While Councilman Grisse squirmed in his private dilemma, Shad-duck put his mind to the Irish gang that had done for Mr. Topham, and the force he might be able to summon for combat. To rely on an outside constabulary was out of the question, for he had no authority with which to command them. And outside the function of riot control he had only Coutts and Smitt to call on. Yet it was certain that the arrest had to be conducted as a military maneuver, if it was to succeed without a passel of bloodshed.

“Inspector, I repeat that I am showing this eye to you as a matter of the most confidence.”

“Yessir. But if I am to make something of it, I must put a name to it.”

“Very well. Inspector, I believe the eye is belonging to Mr. Charles Dickens.”

“Charles who?”

“Dickens. He is an English author.”

“The author staying in the United States Hotel?”

“Ja
, that is so.”

“Great guns. Is this true for certain?”

“Sure. There was inside a letter saying so.”

“What did it say, sir?”

“For yourself you can read this.” Councilman Grisse extended a folded sheet of paper stained by some sort of fluid, now dry; it made a crinkling sound as Shadduck spread it on the table before him.

Councilman Grisse, Sir
,
You are looking at Charles Dickens’s left eye. You have one week before you receive the right one too. A week after that we will send you his head
.
To see that the right eye remains where it is you are to set about the raising of fifty thousand dollars and await further notice. Any contact with the police will have disastrous consequences
.
Sincerely,
A company of desperate men

Shadduck read the letter twice. The wording felt Irish to him. “Fifty thousand dollars is a passel of money, sir.”

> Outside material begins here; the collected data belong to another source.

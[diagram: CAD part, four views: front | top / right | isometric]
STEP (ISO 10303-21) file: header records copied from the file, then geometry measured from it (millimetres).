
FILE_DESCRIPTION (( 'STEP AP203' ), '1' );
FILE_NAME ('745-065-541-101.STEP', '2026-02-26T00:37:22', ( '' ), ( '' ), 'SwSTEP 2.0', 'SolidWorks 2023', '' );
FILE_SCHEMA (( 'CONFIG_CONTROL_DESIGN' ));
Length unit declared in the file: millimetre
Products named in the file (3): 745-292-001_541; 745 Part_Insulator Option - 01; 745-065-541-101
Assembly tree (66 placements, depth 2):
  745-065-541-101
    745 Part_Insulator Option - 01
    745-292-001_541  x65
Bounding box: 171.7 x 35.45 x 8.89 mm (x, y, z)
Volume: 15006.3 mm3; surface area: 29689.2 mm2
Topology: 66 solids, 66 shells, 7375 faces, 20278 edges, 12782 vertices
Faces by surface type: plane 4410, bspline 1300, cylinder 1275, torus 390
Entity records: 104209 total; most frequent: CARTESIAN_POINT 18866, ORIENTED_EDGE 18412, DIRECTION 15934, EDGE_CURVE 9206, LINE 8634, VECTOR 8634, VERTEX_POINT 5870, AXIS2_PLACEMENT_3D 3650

“It is a terrible number. But I am noticing the handwriting. It is good handwriting, no? Not the handwriting of your reports.”

“I judge the hand to be clear is all I can say.”

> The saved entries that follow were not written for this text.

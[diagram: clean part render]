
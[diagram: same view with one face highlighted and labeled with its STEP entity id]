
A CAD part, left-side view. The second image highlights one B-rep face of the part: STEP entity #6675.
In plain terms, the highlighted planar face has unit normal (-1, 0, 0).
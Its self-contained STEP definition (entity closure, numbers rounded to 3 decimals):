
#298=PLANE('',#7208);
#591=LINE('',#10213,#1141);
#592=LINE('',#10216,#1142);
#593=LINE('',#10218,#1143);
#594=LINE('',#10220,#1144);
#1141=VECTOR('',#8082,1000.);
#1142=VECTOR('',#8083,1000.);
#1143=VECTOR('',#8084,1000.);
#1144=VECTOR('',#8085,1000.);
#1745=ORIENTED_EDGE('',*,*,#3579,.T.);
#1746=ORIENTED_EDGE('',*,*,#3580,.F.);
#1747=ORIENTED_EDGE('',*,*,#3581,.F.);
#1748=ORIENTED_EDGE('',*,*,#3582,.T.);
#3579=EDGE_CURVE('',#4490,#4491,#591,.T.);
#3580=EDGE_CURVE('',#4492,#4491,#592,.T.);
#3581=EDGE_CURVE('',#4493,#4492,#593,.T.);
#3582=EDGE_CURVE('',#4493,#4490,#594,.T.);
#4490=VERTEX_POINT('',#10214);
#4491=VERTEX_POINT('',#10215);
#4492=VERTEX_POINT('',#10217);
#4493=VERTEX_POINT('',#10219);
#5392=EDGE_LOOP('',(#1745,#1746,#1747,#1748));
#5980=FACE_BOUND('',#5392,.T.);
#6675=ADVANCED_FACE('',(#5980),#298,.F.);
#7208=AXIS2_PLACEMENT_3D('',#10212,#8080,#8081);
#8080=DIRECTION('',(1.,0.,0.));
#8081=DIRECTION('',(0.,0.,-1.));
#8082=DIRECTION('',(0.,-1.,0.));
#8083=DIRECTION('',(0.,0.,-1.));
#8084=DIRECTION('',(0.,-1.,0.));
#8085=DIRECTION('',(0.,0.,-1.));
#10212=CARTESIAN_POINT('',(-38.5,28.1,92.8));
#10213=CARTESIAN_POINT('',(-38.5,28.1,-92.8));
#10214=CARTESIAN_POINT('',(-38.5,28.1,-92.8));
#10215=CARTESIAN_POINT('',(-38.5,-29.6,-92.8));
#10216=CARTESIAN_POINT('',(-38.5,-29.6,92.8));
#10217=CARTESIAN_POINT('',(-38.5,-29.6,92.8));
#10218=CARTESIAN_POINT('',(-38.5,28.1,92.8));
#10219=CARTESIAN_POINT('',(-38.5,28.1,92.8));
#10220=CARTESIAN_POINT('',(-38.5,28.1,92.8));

“I am telling you it is university man who wrote this.” From the moment he entered civic politics, Grisse had made a study of mimicking the handwriting of educated men. Hence, on this rare occasion, Grisse knew something that was beyond the inspector’s ken.

Shadduck appreciated this, and observed the councilman closely. “Do you reckon that the writer might be a Dublin Irishman with a gift for oratory, sir?”

“Irish? I am not knowing what is Irish.”

“Yet it has an amount of flair, don’t it? A style to it?”

“I do not know what you mean by this
flair.”

“Never mind, sir. I will cogitate the matter on my own.”

It was now clear to Shadduck that the men who had murdered Topham were the men who held Dickens—which made for a knotty situation.
Take your time with knots, or you will only tighten them
, his mother would say. It would be a poor piece of policework if he were to resolve the murder of Henry Topham, only to kill Charles Dickens.

And great guns, if it ever became known to the press! Wars have been declared with less provocation than the murder of an eminent man on foreign soil.

Accepting that the same parties had committed both crimes, Shadduck judged that the two must have been joined up somewhere. Was it over a crime? Was one crime committed to evade discovery of the other? Possibly, but Shadduck thought not. When it came to the actions of desperate men, it was unwise to put to ingenuity what you could put to chance, or fate, or stupidity. In his experience, events had a natural way of coming together in patterns—curious patterns to be certain, but patterns nonetheless.